Developing a Career as an Agronomist

More than any other career choice, the agronomist position encompasses so many facets of science, plus a love of the environment and a desire to help people. This career option uses the evolving sciences and the latest technology to produce the food, fiber and fuel used by the world.

Science Is the Primary Tool of an Agronomist. In preparing to be an agronomist, a person studies plant and soil science, as well as entomology, the study of insects, plant pathology, the study of plant diseases, and weed science. Chemistry, biology and physics provide a foundation for many of the other science classes.

Other classes may include studying agricultural crops, forages or pasture grasses or even turf grass management.

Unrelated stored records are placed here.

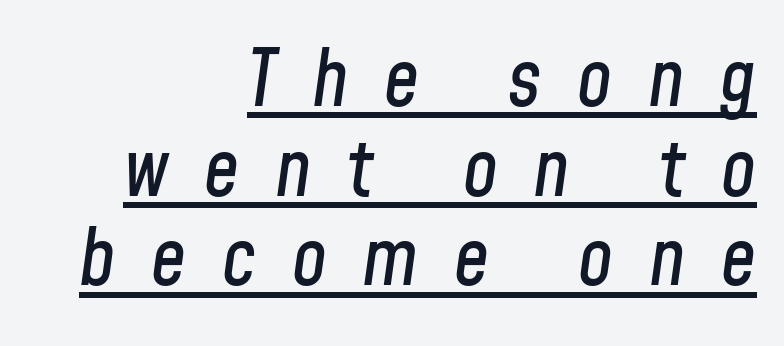
Q: Is the text italic (slanted)? A: Yes, it leans right by about 8 degrees.
Q: Is the text underlined? A: Yes.
Q: How is the paragraph aligned? A: Right-aligned.
Q: Is the spacing between letters normal or unusually wide? A: Unusually wide.
Q: Is the spacing between lines tight, normal or loose? A: Tight.
Q: Width (condensed, normal, or wide)? A: Condensed.
Q: Stroke contrast? A: Low.
Q: x-height? A: Medium.
Q: Monospaced? A: No.
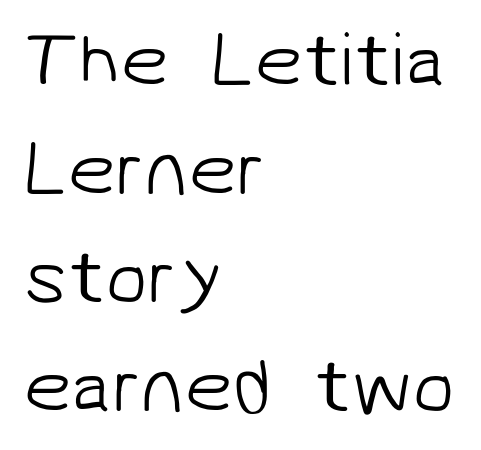
The image shows 77 px light sans-serif type; set left-aligned, normal line spacing (1.41x), normal letter spacing, not underlined; low stroke contrast and a medium x-height.
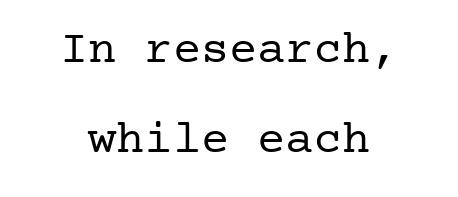
The image shows 47 px regular-weight serif type, upright; set centered, loose line spacing (1.92x), normal letter spacing, not underlined; low stroke contrast and a medium x-height.
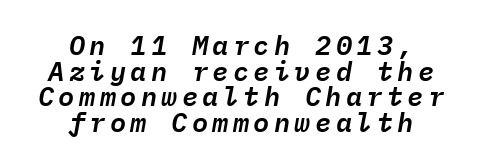
{"italic": "yes", "lean": "right", "slant_degrees": 9, "underline": "no", "align": "center", "line_spacing": "tight", "line_spacing_ratio": 0.95, "glyph_px": 27}
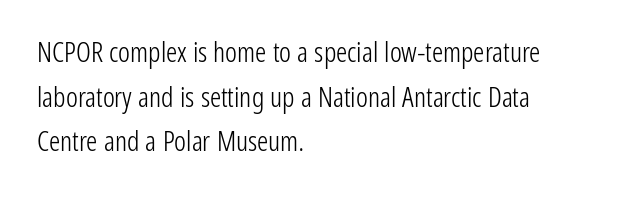
Each row of text sits above clean, open space. The rendering uses natural spacing where letterforms have individual widths. This sample uses plain, unmodified letter spacing. It's the straight-up-and-down kind of type.
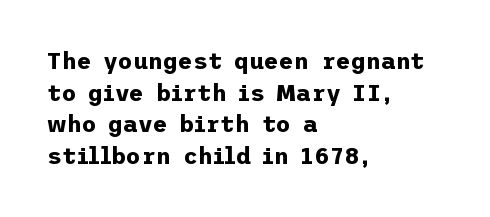
Q: Is the text bold? A: Yes.
Q: Is the text italic (slanted)? A: No, it is upright.
Q: Is the text underlined? A: No.
Q: How is the paragraph aligned? A: Left-aligned.
Q: Is the spacing between letters normal or unusually wide? A: Normal.
Q: Is the spacing between lines tight, normal or loose? A: Normal.
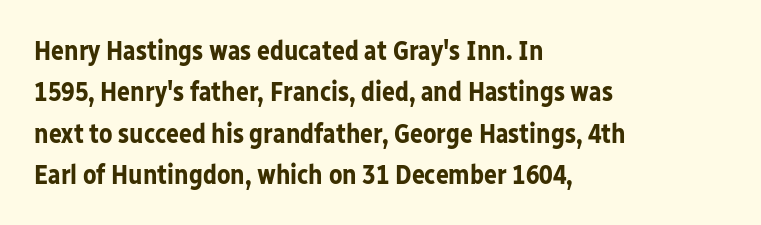
The image shows 27 px bold type, upright; set left-aligned, normal line spacing (1.53x), normal letter spacing, not underlined.
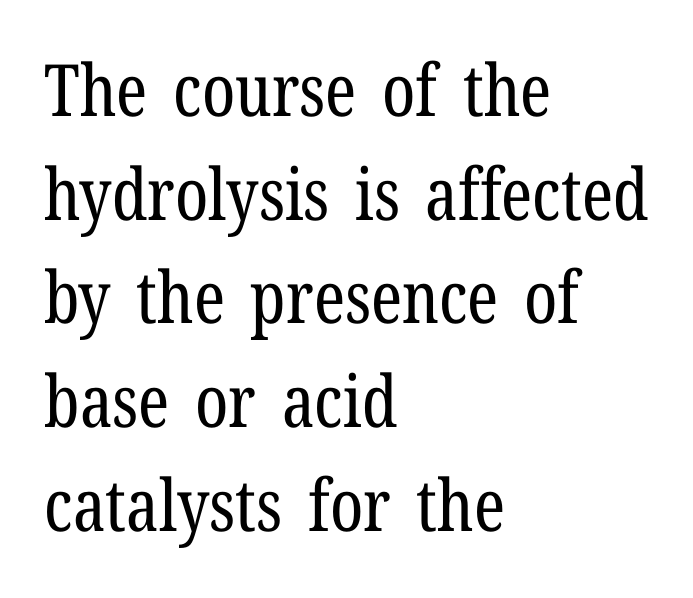
Q: Is the text bold? A: No.
Q: Is the text italic (slanted)? A: No, it is upright.
Q: Is the typeface a serif or a sans-serif typeface? A: Serif.
Q: Is the text underlined? A: No.
Q: How is the paragraph aligned? A: Left-aligned.
Q: Is the spacing between letters normal or unusually wide? A: Normal.
Q: Is the spacing between lines tight, normal or loose? A: Normal.
Q: Width (condensed, normal, or wide)? A: Condensed.
Q: Stroke contrast? A: Low.
Q: x-height? A: Medium.
Q: Monospaced? A: No.
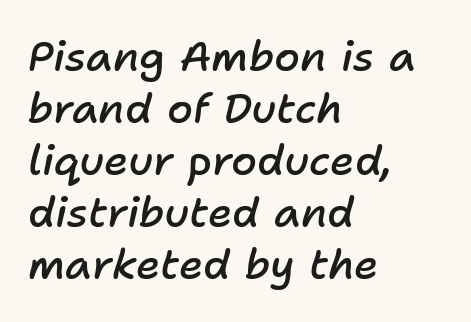
{"italic": "yes", "lean": "right", "slant_degrees": 11, "bold": "semi", "weight": "semibold", "width": "normal", "stroke_contrast": "low", "x_height": "medium", "monospaced": "no", "underline": "no", "align": "left", "line_spacing_ratio": 1.24, "letter_spacing": "normal", "letter_spacing_em": 0.0, "glyph_px": 42}
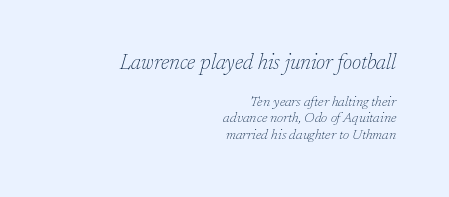
{"italic": "yes", "lean": "right", "slant_degrees": 17, "bold": "no", "underline": "no", "align": "right", "line_spacing_ratio": 1.19, "letter_spacing": "normal", "letter_spacing_em": 0.0, "larger_block": "first", "size_ratio": 1.5, "glyph_px": 21}
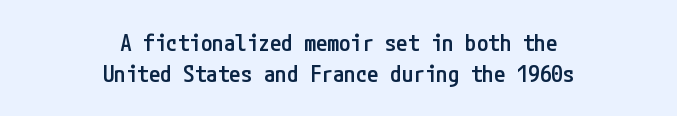
Style check: upright. Does the weight exceed regular? Yes, but only to semibold. Both edges are ragged and mirror each other, which tells us the setting is centered. Line spacing here is normal. The tracking reads as untouched default to a designer's eye. Any mark beneath the type? The region is blank.
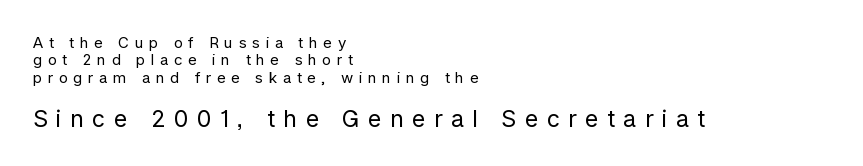
{"italic": "no", "bold": "no", "underline": "no", "align": "left", "line_spacing_ratio": 1.16, "letter_spacing": "wide", "letter_spacing_em": 0.37, "larger_block": "second", "size_ratio": 1.53, "glyph_px": 23}

Agronomists combine all of their knowledge in these sciences to increase crop productivity and efficiency. They are also interpreters, taking the data and scientific findings from researchers and turning that into improvements and information the farmer can use in their fields. Conservation of resources and producing food and fiber in a sustainable manner are important components for today’s agronomist.

Agronomists are helping find solutions to some of the greatest problems in the world today. As the population grows and resources become scarcer, agronomists will be on the front lines of helping producers feed the world. Getting more yield on fewer acres with fewer inputs is the challenge facing an agronomist, and using new scientific data and technology changes is how the agronomist will meet this challenge.